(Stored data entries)
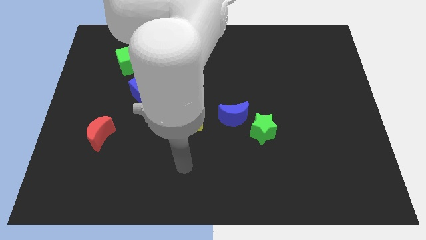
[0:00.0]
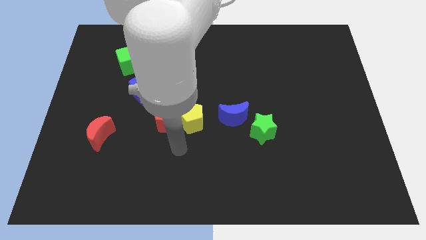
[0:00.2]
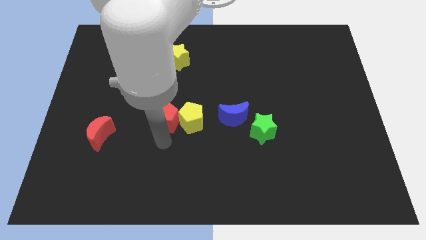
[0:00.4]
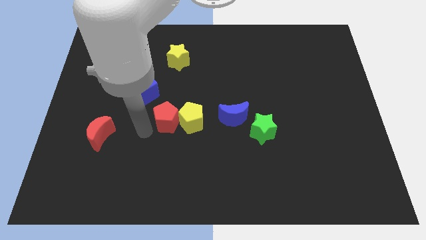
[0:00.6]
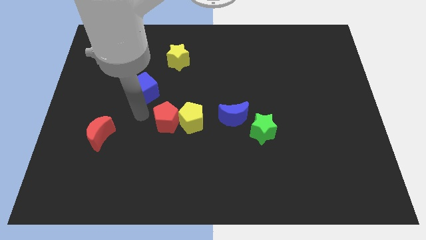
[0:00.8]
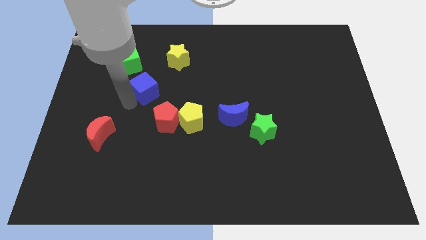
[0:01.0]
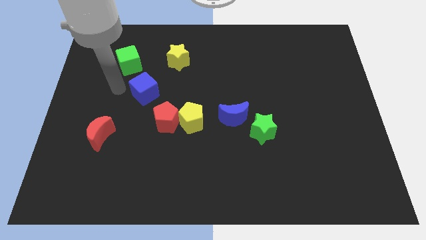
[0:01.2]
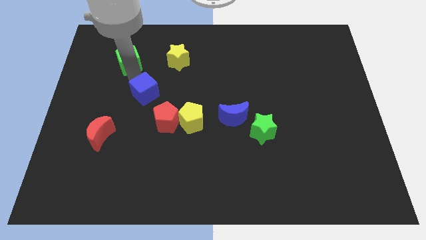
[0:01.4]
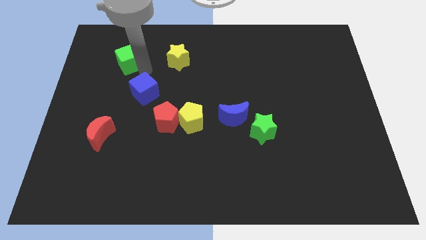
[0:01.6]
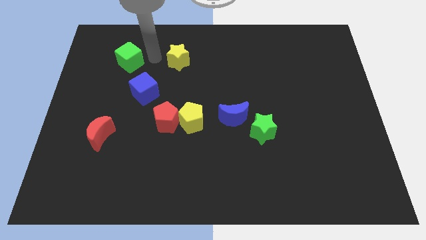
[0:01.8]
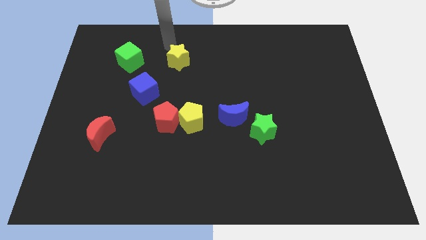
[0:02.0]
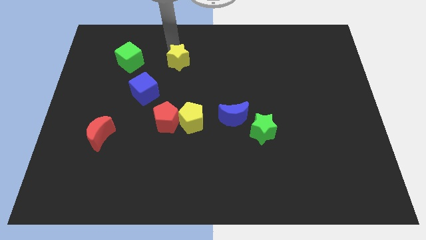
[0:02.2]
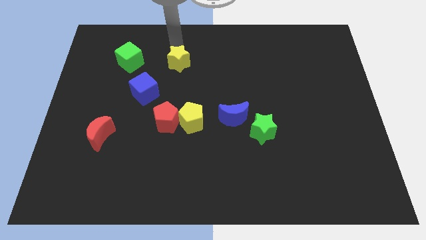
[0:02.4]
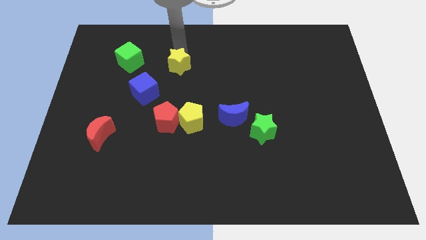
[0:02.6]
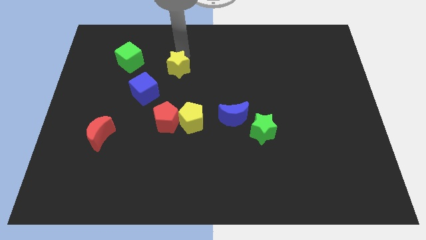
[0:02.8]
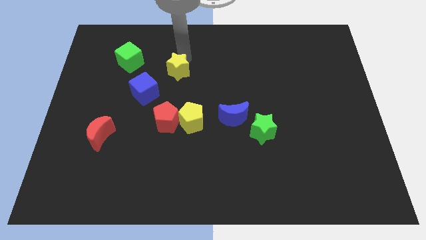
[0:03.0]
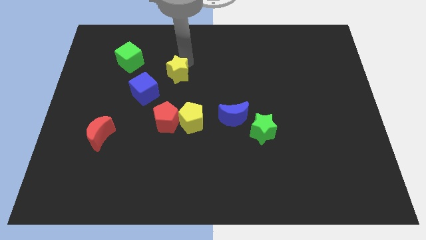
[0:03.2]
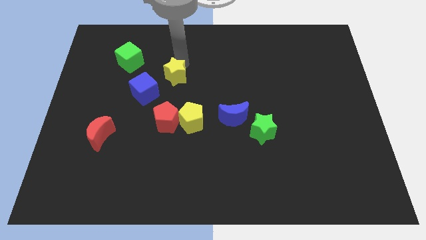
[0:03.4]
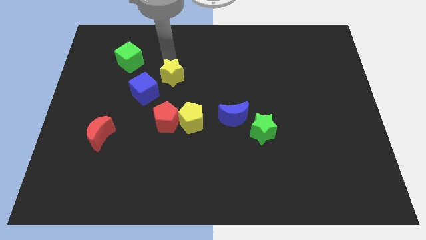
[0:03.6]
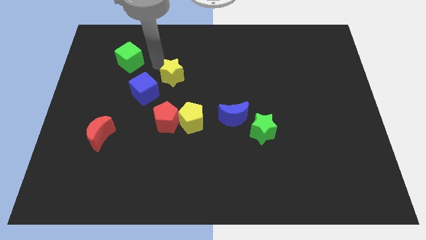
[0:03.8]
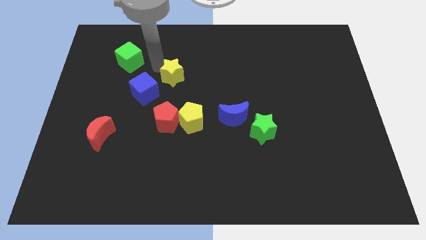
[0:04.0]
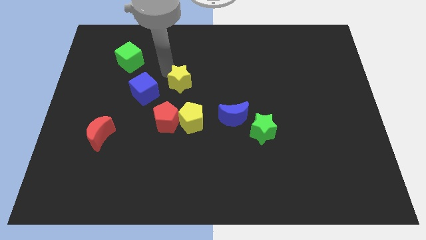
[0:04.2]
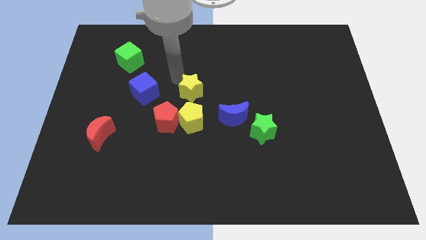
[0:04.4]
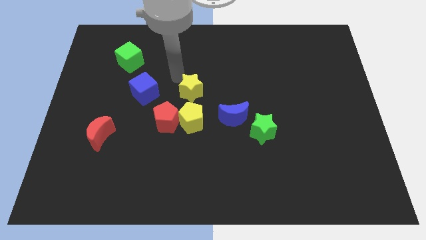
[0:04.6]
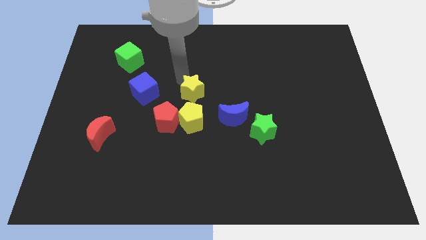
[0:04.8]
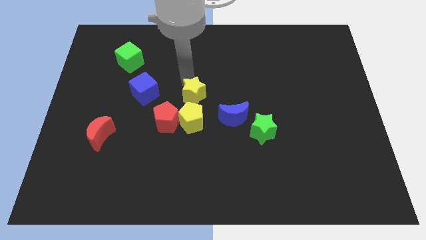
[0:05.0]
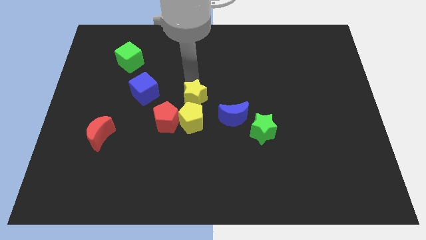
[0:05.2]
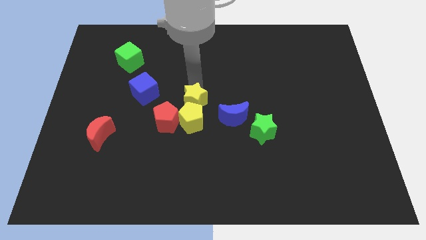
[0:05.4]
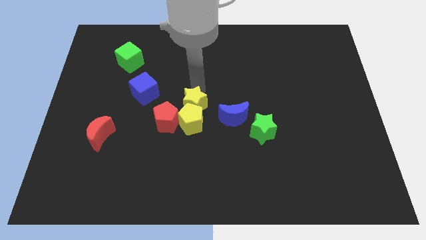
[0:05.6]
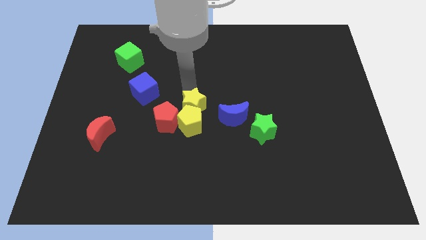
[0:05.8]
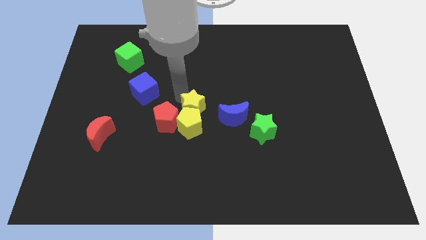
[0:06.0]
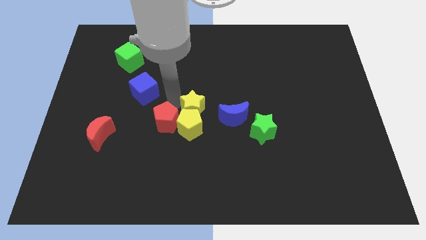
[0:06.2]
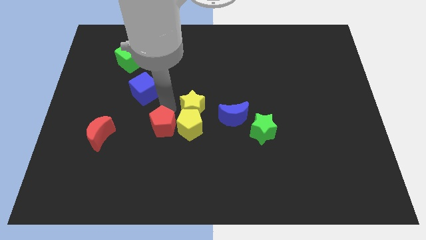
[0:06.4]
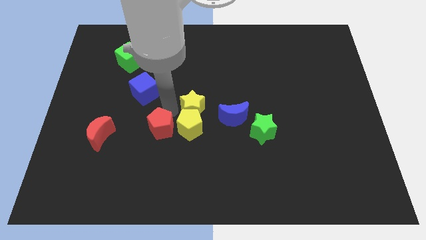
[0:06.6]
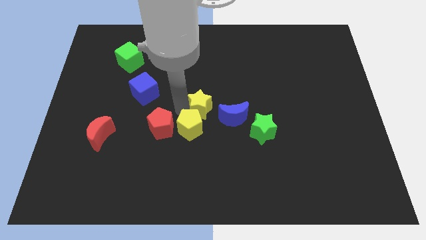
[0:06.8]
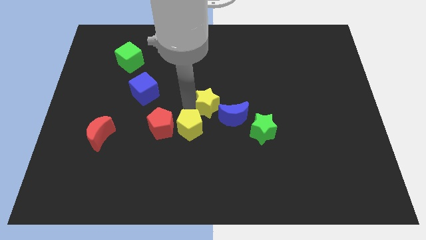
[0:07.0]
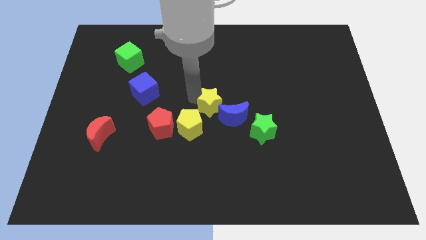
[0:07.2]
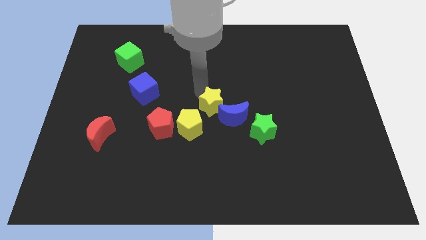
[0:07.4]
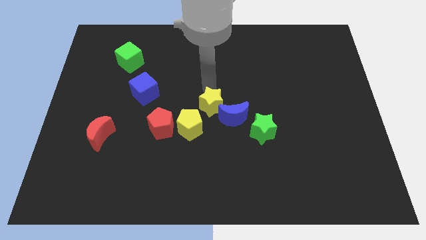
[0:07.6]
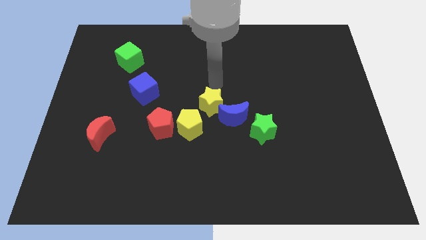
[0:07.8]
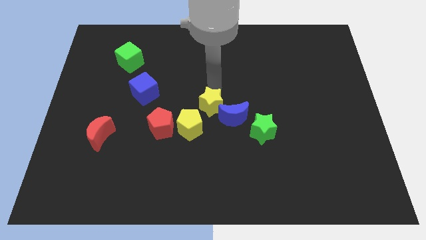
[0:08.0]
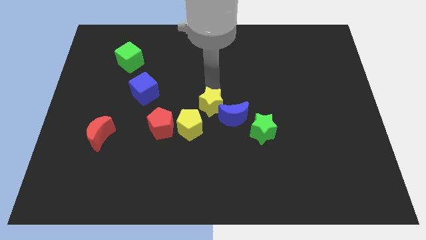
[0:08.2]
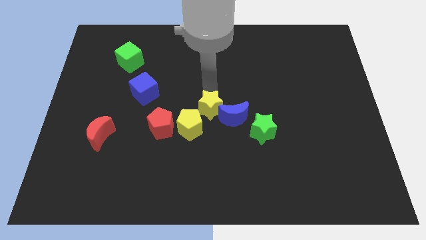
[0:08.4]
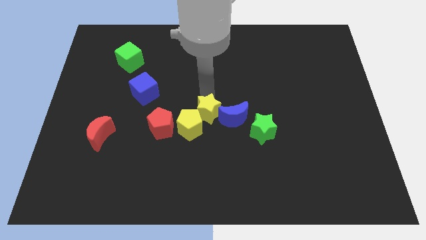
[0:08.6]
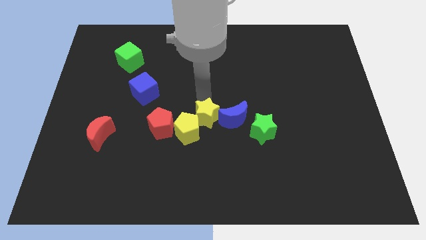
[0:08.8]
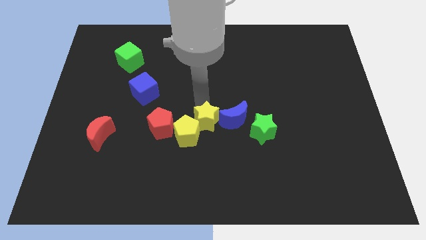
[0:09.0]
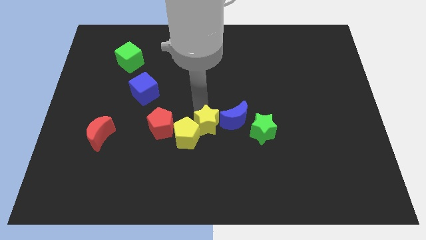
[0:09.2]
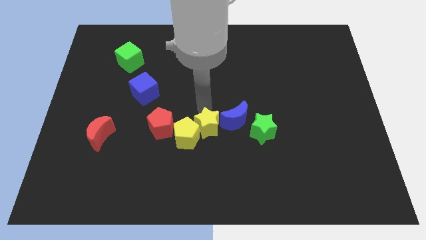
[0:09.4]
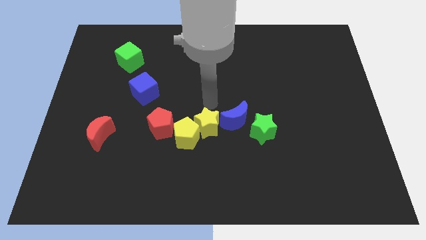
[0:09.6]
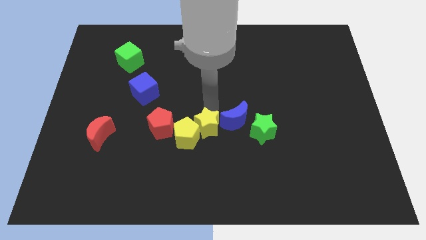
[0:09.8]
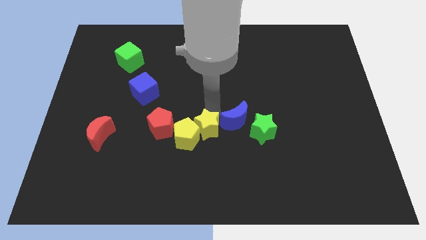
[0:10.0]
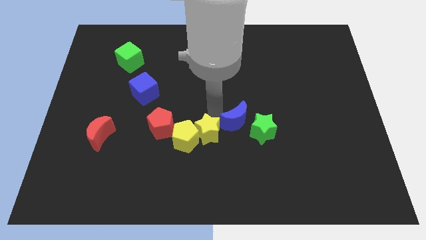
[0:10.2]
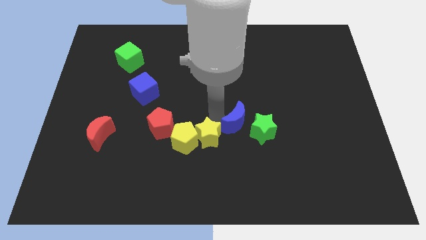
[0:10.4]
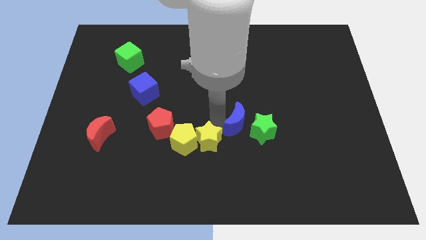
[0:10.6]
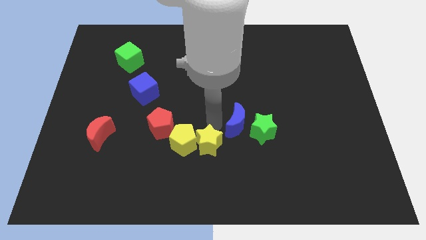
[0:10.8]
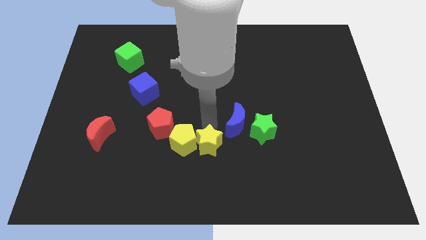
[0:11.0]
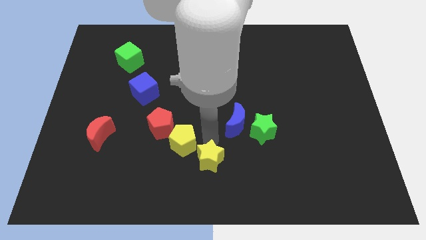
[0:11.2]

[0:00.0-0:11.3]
push the yellow star to the bottom

» **Task directions**: A word-for-word copy of the records is required. Leave out every picture.

» **Your response**:
[0:00.0]
[0:00.2]
[0:00.4]
[0:00.6]
[0:00.8]
[0:01.0]
[0:01.2]
[0:01.4]
[0:01.6]
[0:01.8]
[0:02.0]
[0:02.2]
[0:02.4]
[0:02.6]
[0:02.8]
[0:03.0]
[0:03.2]
[0:03.4]
[0:03.6]
[0:03.8]
[0:04.0]
[0:04.2]
[0:04.4]
[0:04.6]
[0:04.8]
[0:05.0]
[0:05.2]
[0:05.4]
[0:05.6]
[0:05.8]
[0:06.0]
[0:06.2]
[0:06.4]
[0:06.6]
[0:06.8]
[0:07.0]
[0:07.2]
[0:07.4]
[0:07.6]
[0:07.8]
[0:08.0]
[0:08.2]
[0:08.4]
[0:08.6]
[0:08.8]
[0:09.0]
[0:09.2]
[0:09.4]
[0:09.6]
[0:09.8]
[0:10.0]
[0:10.2]
[0:10.4]
[0:10.6]
[0:10.8]
[0:11.0]
[0:11.2]

[0:00.0-0:11.3]
push the yellow star to the bottom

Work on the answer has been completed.